Meanwhile, as sanctions squeeze Tehran, Azerbaijan produced nearly 100,000 barrels of oil and 15 billion cubic meters of natural gas last year, much of which it exported to European countries eager for reliable energy sources. When the Shah Deniz II fields come online in the next five years, Azerbaijan will likely double its natural gas production, further enhancing its influence on Europe.
It’s true that, like many former Soviet states and US allies, Azerbaijan still struggles with civil liberties, human rights, and fundamental freedoms—issues Secretary of State Hillary Clinton raised with President Aliyev during a trip to Baku in June 2012, while announcing that “the US remains strongly committed to working with the government and people (of Azerbaijan).”
The Obama Administration needs to do more than that. It should explore whether a combination of aid, incentives, and diplomacy could help resolve Azerbaijan’s festering conflict with Armenia over Nagorno-Karabakh. It should add a small US ground presence to demonstrate its commitment to the country’s security, while pushing for greater NATO cooperation with Azerbaijan.

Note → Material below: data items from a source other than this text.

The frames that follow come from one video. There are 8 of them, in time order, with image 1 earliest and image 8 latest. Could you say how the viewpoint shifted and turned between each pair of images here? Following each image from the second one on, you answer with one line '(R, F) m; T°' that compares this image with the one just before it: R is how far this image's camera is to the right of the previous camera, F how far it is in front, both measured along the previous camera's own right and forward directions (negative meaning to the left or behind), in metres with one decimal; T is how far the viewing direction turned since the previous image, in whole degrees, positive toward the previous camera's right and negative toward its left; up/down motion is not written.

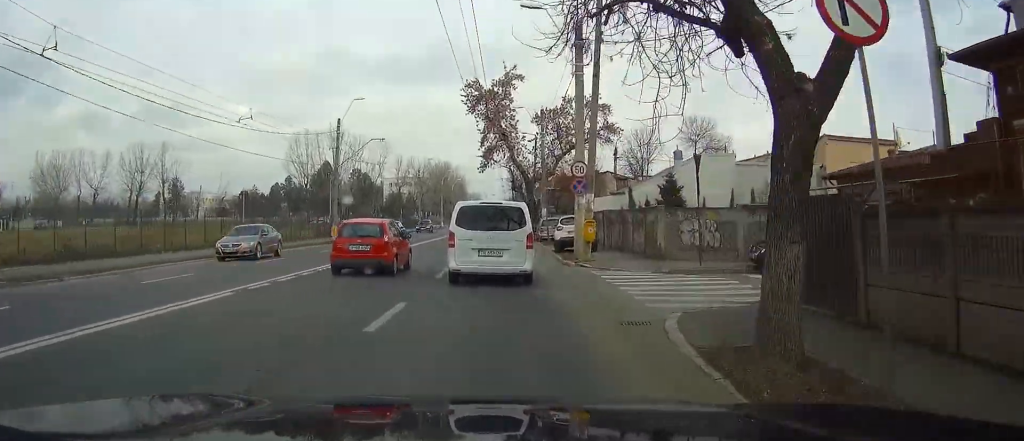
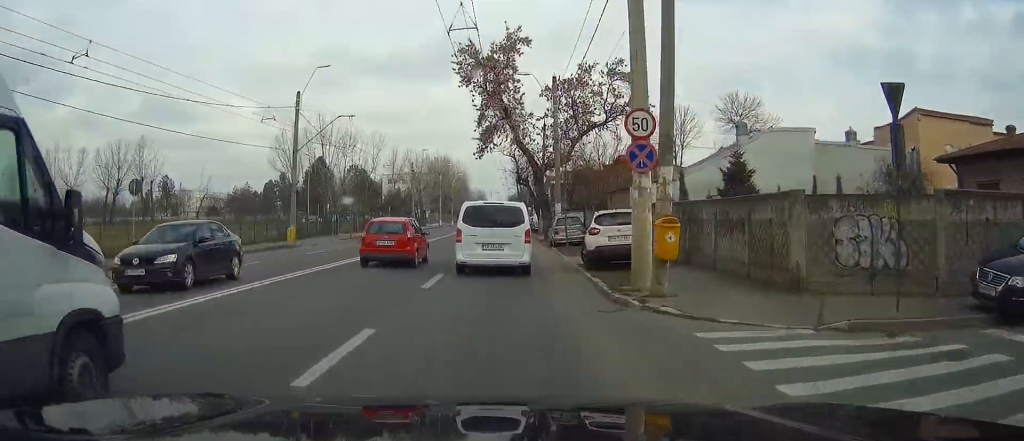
(+0.1, +11.9) m; 0°
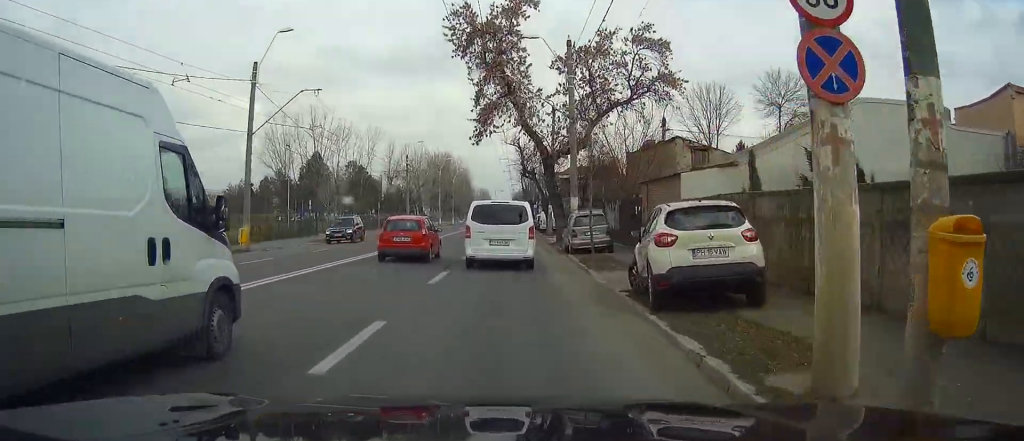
(0.0, +8.6) m; 0°
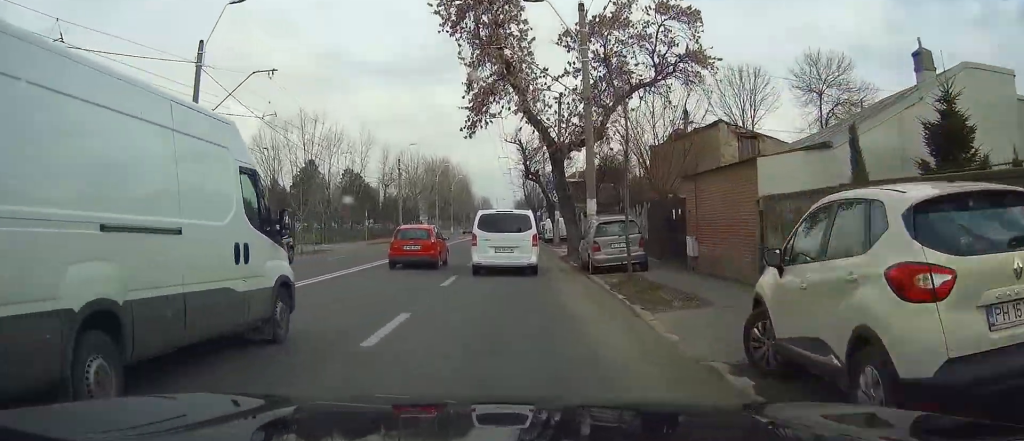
(-0.1, +6.9) m; 0°
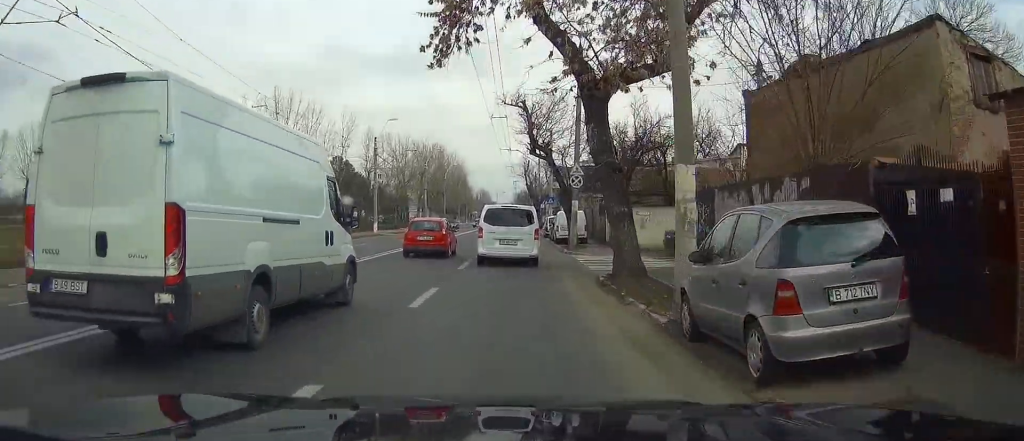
(0.0, +14.3) m; 0°
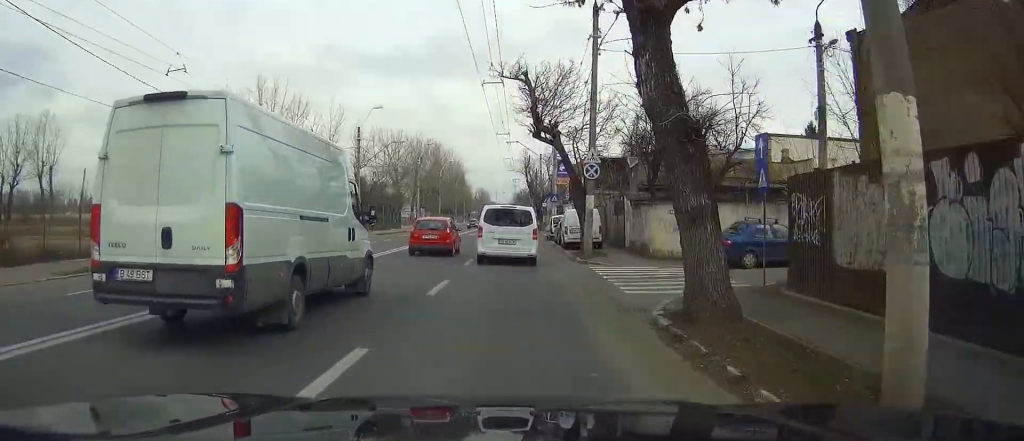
(0.0, +7.1) m; 0°
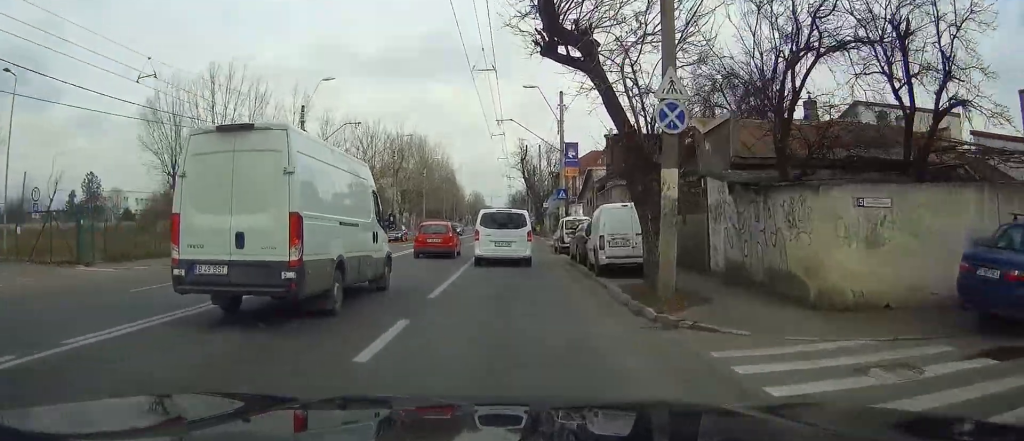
(0.0, +15.1) m; 0°
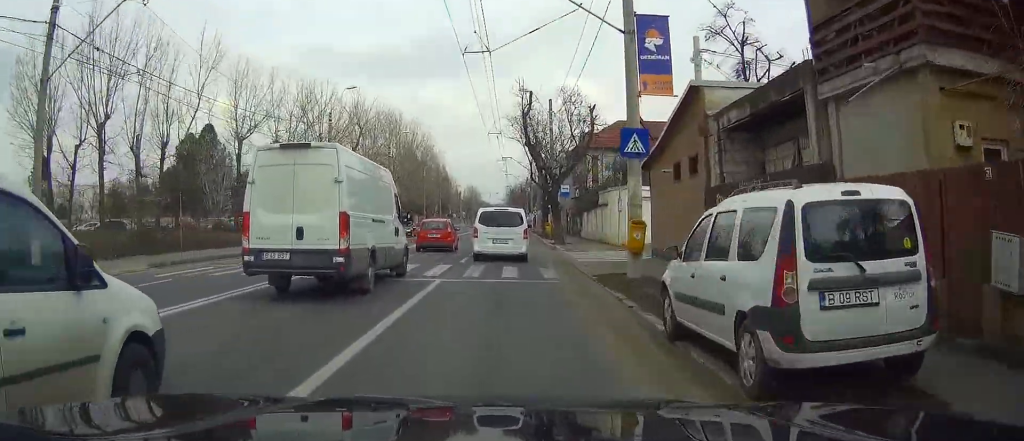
(+0.1, +27.8) m; 0°

And, it should assist the EU in securing the Nabucco-West natural gas pipeline, which will ensure European energy security, enrich Azerbaijan, and bring the country closer to the West.
Home to more than half of the world’s mud volcanoes, with flames that occasionally erupt hundreds of feet into the sky, “Azerbaijan” literally translates to the “Land of Fire.” In the tinderbox that is the Caspian Region and the Middle East, a stronger US-Azerbaijan partnership might help assure that cooler heads prevail.